The bush pilots in the Okavango Delta

by time news

2023-10-17 09:40:22

Samantha Steel was approaching a bush runway in her Cessna Caravan; the surface of the bright Kalahari soil, hardened in the sun, was already shining from a distance. Such simple landing sites can be found throughout the Okavango Delta. Early in the year, Africa’s most wildlife-rich wetland shimmers from above in all shades of green, and in between, these white towels keep appearing somewhere in the void. Just one kilometer long and quite narrow at 18 meters, they don’t offer the pilots much room to maneuver. “Suddenly I saw a pride of five lions lying on the runway threshold exactly where I wanted to touch down,” reports the 35-year-old pilot. There is hardly anywhere else in the world that has as many wild animals in a small area as the Okavango Delta in Botswana – and there are no fences, not even around the airstrips. The air route is essential for supplying the 74 lodges in the delta. Because there are no roads here, and the uneven sandy slopes are not usable all year round, nor are the water veins of the seeping Okavango River – what remains is the plane. And with it the need to reconcile the precision and safety margins required for air traffic with the unpredictability of African wildlife.

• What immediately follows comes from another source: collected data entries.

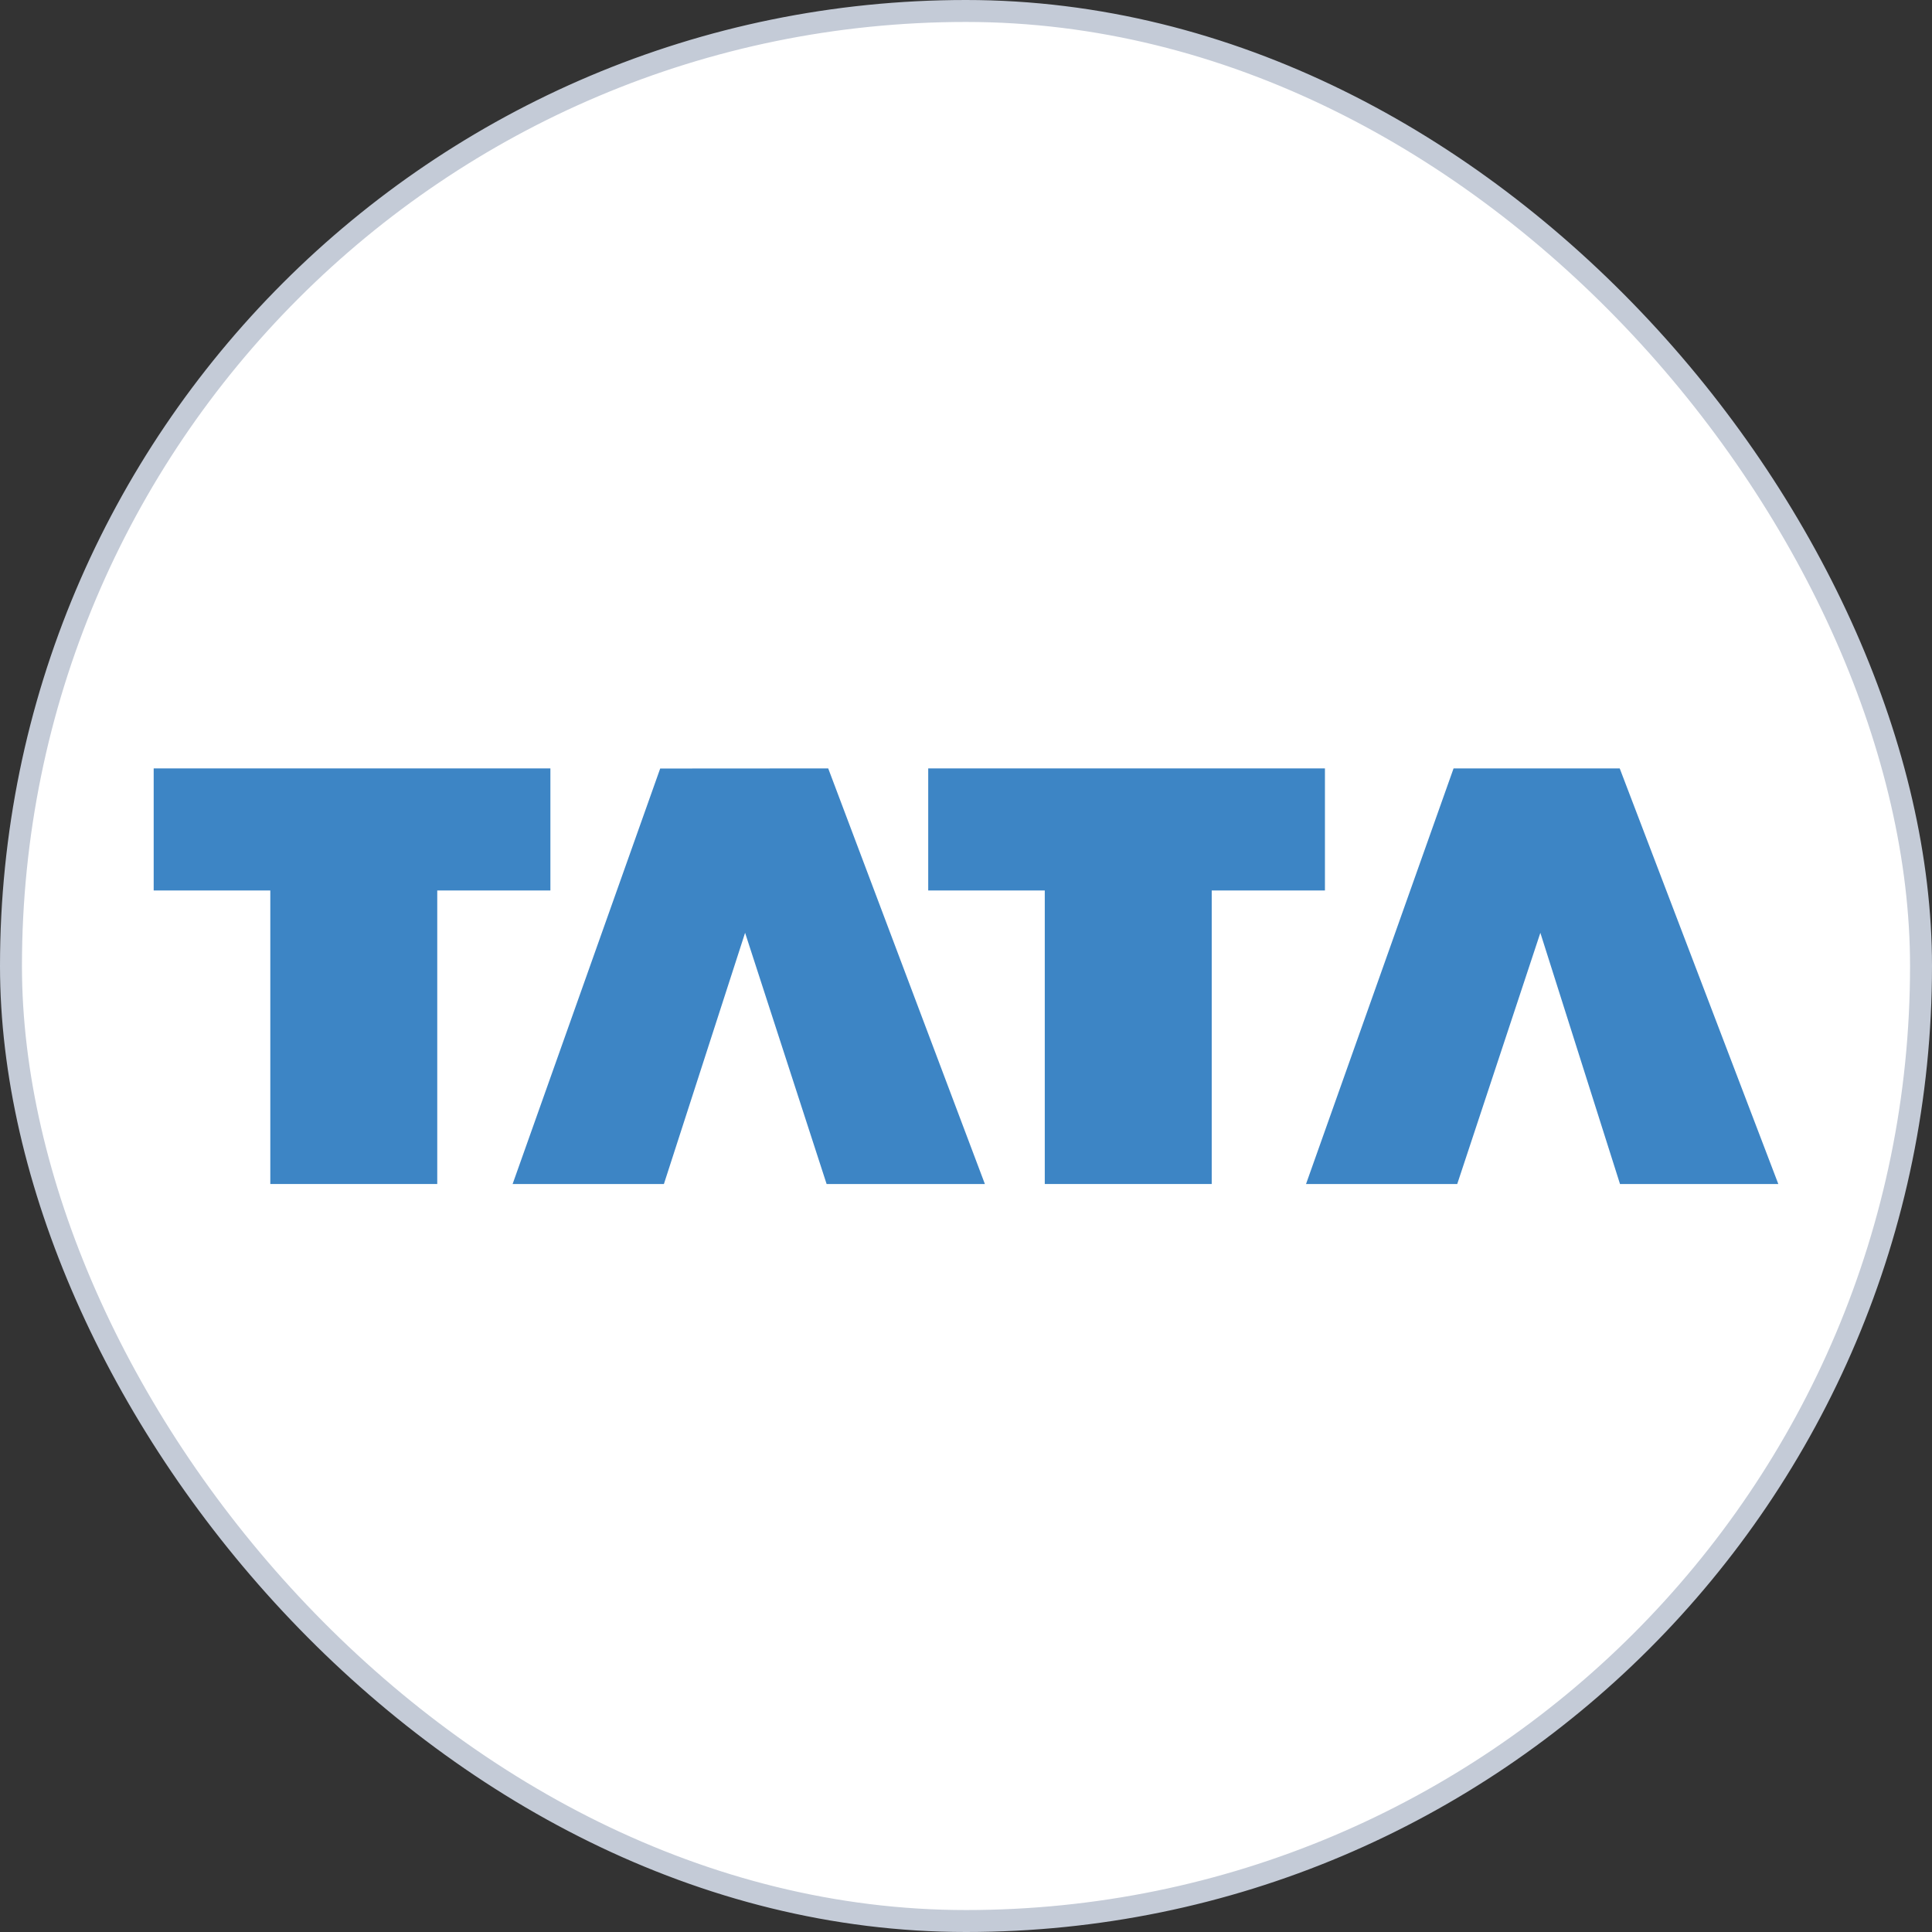 <?xml version="1.0" encoding="UTF-8"?>
<svg width="88px" height="88px" viewBox="0 0 88 88" version="1.1" xmlns="http://www.w3.org/2000/svg" xmlns:xlink="http://www.w3.org/1999/xlink">
    <rect x="0" y="0" width="88" height="88" fill="#333333" stroke="none"/>
    <title>india-partner-TATA</title>
    <g id="解决方案*" stroke="none" stroke-width="1" fill="none" fill-rule="evenodd">
        <g id="Unleash-India’s-Potential" transform="translate(-300, -3817)">
            <g id="india-partner-TATA" transform="translate(300, 3817)">
                <rect id="矩形备份-12" stroke="#C4CBD7" fill="#FFFFFF" fill-rule="nonzero" x="0.5" y="0.5" width="87" height="87" rx="43.5"></rect>
                <g id="编组" transform="translate(7, 35)" fill="#3D85C5">
                    <polygon id="Fill-1" points="0 0 0 5.56 5.312 5.56 5.312 18.93 12.916 18.93 12.916 5.56 18.07 5.56 18.07 0"></polygon>
                    <polygon id="Fill-2" points="35.279 0 35.279 5.56 40.588 5.56 40.588 18.93 48.192 18.93 48.192 5.56 53.349 5.56 53.349 0"></polygon>
                    <polygon id="Fill-3" points="23.071 0.005 16.349 18.93 23.24 18.93 26.938 7.488 30.651 18.93 37.86 18.93 30.724 0"></polygon>
                    <polygon id="Fill-4" points="59.208 0 52.488 18.93 59.375 18.93 63.161 7.489 66.789 18.93 74 18.93 66.776 0"></polygon>
                </g>
            </g>
        </g>
    </g>
</svg>

Animals love landing strips

It is not surprising that all representatives of Africa’s Big Five (elephants, buffaloes, rhinos, lions, leopards) like to frolic in the open spaces where the aircraft have to touch down. The pilots are trained for this case, they never land immediately, but first fly over the runway at a higher altitude and then, if necessary, again at low altitude. At the same time, a safari jeep from the next lodge is ready on the ground to clear the runway of animals before arrival to free. On her approach with a lion visit, Samantha Steel decided to do a low pass, a flyover at a low altitude, but with no effect. “The lions had just eaten, they had big bellies and were so lethargic that they didn’t want to move,” the pilot remembers. “I landed anyway, and our planes aren’t quiet,” says the South African, “but the lions didn’t move at all, they just don’t care, they’re used to airplanes.”